Thursday, January 2, 2020

How to debug redis at high scale

Background of our architecture

We are using very simple architecture of 100s of Java web boxes with auto-scaling and Redis Cluster as primary data source and Jedis as Redis client. We need to hit many different Redises in our single serving call with 20ms timeouts from client of our service. 

Problem we were facing

At a very high scale whenever CPU of Redis was going beyond 60% whole cluster was spiking to 100% with decrease in IOPS. Because of this we had to over provision the Redis boxes. 

Things we tried to debug the issue

  • Enabled debug logs in Redis

    • Debug logs were giving hint of things going bad but didn't give full picture 
      • Observation from debug logs 100s of new connections were getting created very frequently. 

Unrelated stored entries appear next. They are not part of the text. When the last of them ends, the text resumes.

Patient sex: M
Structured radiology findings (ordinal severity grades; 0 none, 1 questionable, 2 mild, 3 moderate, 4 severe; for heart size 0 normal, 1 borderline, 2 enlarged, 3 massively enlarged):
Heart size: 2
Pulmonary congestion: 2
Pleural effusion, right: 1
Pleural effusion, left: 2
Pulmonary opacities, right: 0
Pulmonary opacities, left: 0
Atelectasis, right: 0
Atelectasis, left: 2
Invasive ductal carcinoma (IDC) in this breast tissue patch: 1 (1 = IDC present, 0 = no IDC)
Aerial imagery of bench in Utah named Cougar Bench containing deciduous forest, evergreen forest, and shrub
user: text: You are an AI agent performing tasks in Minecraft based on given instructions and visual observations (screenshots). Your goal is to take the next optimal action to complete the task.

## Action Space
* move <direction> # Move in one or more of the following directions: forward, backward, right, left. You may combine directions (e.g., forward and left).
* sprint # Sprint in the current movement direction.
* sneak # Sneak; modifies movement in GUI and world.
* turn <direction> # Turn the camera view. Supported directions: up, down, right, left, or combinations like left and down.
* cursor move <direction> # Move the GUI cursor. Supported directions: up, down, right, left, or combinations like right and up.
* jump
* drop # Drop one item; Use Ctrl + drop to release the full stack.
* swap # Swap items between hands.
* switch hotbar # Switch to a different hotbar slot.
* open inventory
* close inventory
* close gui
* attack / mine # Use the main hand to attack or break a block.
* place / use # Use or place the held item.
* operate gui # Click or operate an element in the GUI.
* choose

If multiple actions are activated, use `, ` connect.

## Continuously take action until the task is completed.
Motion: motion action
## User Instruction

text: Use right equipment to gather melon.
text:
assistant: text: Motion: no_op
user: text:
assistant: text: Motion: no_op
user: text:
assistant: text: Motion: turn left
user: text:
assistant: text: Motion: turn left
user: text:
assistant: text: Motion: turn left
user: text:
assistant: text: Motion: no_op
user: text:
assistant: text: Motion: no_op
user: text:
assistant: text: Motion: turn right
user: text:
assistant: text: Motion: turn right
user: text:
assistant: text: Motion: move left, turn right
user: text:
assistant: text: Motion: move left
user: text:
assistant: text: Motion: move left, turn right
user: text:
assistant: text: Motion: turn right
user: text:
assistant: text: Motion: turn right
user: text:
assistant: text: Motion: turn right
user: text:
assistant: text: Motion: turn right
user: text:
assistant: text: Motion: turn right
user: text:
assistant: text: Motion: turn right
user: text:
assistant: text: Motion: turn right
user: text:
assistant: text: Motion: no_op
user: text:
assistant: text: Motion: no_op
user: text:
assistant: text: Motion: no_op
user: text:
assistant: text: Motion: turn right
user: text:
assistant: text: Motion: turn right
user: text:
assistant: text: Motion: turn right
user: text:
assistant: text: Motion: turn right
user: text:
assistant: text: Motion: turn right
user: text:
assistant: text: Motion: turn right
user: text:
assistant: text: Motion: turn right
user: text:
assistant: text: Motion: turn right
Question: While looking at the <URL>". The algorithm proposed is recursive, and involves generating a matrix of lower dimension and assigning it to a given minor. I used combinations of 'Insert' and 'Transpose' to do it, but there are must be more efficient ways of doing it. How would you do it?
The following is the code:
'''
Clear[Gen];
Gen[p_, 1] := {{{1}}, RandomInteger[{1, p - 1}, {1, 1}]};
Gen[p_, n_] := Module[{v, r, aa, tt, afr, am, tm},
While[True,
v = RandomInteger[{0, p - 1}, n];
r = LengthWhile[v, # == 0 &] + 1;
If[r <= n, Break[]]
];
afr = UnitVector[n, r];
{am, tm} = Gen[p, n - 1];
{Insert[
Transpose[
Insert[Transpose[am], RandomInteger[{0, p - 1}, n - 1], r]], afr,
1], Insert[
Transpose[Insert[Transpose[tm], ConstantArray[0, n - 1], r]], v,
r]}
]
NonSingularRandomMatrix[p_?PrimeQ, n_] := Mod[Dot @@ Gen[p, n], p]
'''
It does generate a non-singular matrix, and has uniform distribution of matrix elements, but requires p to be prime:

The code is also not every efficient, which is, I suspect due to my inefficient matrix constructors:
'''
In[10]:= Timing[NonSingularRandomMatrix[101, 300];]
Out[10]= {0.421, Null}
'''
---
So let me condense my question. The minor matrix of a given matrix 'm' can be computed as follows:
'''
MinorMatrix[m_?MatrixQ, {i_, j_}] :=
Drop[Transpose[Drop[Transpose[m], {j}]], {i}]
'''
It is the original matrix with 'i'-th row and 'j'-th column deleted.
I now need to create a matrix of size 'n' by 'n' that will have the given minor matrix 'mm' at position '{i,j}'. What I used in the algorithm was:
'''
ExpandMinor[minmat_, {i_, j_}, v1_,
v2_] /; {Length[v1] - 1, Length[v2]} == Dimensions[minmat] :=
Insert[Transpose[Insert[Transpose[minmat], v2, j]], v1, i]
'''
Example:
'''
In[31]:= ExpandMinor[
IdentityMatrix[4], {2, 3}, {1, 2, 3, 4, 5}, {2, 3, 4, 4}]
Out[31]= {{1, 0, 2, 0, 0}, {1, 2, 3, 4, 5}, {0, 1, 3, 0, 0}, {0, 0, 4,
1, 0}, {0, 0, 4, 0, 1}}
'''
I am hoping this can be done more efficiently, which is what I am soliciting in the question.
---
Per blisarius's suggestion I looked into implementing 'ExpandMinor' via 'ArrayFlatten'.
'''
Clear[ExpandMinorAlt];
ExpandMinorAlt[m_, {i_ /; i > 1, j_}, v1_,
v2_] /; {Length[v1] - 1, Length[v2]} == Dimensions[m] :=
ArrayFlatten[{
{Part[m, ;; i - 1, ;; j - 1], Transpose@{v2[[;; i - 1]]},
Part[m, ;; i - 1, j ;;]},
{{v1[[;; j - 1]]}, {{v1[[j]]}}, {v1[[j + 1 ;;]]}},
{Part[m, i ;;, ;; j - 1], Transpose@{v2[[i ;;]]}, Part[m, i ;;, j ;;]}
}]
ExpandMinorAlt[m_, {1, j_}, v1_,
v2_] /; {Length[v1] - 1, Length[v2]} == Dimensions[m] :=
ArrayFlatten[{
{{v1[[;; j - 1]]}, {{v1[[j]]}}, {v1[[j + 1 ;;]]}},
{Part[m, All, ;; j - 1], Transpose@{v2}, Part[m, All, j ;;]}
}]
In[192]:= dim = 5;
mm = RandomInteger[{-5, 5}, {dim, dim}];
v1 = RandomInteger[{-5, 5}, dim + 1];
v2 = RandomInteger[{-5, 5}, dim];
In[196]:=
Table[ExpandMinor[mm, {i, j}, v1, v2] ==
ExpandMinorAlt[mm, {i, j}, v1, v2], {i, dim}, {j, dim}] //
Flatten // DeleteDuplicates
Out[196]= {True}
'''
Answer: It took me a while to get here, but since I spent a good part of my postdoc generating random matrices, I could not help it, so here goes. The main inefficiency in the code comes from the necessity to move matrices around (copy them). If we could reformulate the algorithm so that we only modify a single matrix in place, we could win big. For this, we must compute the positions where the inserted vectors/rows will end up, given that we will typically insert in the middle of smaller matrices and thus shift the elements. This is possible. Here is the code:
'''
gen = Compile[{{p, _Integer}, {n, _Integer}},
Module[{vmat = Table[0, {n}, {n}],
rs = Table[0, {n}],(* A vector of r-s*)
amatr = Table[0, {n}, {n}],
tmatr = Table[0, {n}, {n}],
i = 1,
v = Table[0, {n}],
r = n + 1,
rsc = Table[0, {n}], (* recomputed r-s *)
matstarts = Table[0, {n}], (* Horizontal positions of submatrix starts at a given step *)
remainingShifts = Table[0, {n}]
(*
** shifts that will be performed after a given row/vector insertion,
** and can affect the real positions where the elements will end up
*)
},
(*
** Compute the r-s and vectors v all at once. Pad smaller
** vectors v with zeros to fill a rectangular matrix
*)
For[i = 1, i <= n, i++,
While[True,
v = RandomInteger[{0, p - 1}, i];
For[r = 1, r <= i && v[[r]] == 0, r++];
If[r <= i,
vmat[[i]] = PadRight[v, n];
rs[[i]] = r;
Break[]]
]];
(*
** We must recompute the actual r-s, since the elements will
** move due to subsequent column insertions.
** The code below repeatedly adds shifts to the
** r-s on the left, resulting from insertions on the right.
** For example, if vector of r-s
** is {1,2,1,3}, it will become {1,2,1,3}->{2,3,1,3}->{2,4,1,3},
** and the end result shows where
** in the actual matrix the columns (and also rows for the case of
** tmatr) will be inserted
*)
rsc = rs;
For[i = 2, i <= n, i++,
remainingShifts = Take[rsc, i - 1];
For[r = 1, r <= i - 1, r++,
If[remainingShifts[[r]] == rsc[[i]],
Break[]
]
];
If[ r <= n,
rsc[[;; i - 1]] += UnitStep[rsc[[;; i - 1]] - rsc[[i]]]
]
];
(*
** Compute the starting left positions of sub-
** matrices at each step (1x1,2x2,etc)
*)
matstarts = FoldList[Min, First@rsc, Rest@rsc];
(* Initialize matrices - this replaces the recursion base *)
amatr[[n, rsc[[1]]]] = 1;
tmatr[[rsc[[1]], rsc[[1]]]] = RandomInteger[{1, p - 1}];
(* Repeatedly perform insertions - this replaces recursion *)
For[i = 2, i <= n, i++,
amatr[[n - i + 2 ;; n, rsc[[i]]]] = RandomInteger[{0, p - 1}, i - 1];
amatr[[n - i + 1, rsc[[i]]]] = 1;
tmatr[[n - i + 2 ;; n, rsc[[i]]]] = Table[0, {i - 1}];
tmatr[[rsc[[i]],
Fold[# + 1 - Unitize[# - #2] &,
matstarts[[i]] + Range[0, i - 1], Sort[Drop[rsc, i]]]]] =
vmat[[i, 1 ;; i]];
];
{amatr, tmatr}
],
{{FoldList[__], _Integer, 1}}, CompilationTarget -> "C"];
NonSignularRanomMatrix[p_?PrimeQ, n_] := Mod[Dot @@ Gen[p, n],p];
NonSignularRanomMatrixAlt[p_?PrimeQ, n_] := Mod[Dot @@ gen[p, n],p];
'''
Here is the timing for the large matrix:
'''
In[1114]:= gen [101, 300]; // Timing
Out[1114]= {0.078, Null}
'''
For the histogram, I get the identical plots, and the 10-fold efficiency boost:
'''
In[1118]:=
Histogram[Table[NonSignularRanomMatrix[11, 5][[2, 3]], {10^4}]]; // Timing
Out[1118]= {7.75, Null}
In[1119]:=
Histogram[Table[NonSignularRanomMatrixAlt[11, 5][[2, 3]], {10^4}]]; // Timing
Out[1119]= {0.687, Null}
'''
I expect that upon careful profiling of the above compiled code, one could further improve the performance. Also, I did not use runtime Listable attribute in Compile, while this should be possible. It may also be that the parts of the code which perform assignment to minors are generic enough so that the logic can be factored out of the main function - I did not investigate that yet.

  • Ran strace on Redis server with full text and timestamps

sudo strace -s 1000 -tt -T -p <PID>

    • This gave us very good information about what Redis does internally. 
      • Redis makes all system calls in batches. 3 major system calls are.
        • Accept
        • Read 
        • Write
      • Because of this batch reading/writing/accepting requests were timing out results in disconnection of TCP connection from Jedis and then it was creating new connection 
      • So whenever there was momentary spike in calls, Jedis was creating new connections, results in timeout of existing connections and logging of connection breaking, etc. and it was going in cycle of creating and destroying new connections. 

  • Ran tcpdump on client with full text and timestamp

sudo tcpdump -tttt -A -i any port <Redis Port>

    • This further clears everything that was happening about what all is happening at the TCP level. 

Our solution was to increase the number of idle connections to handle sudden spike in calls without creating new connections.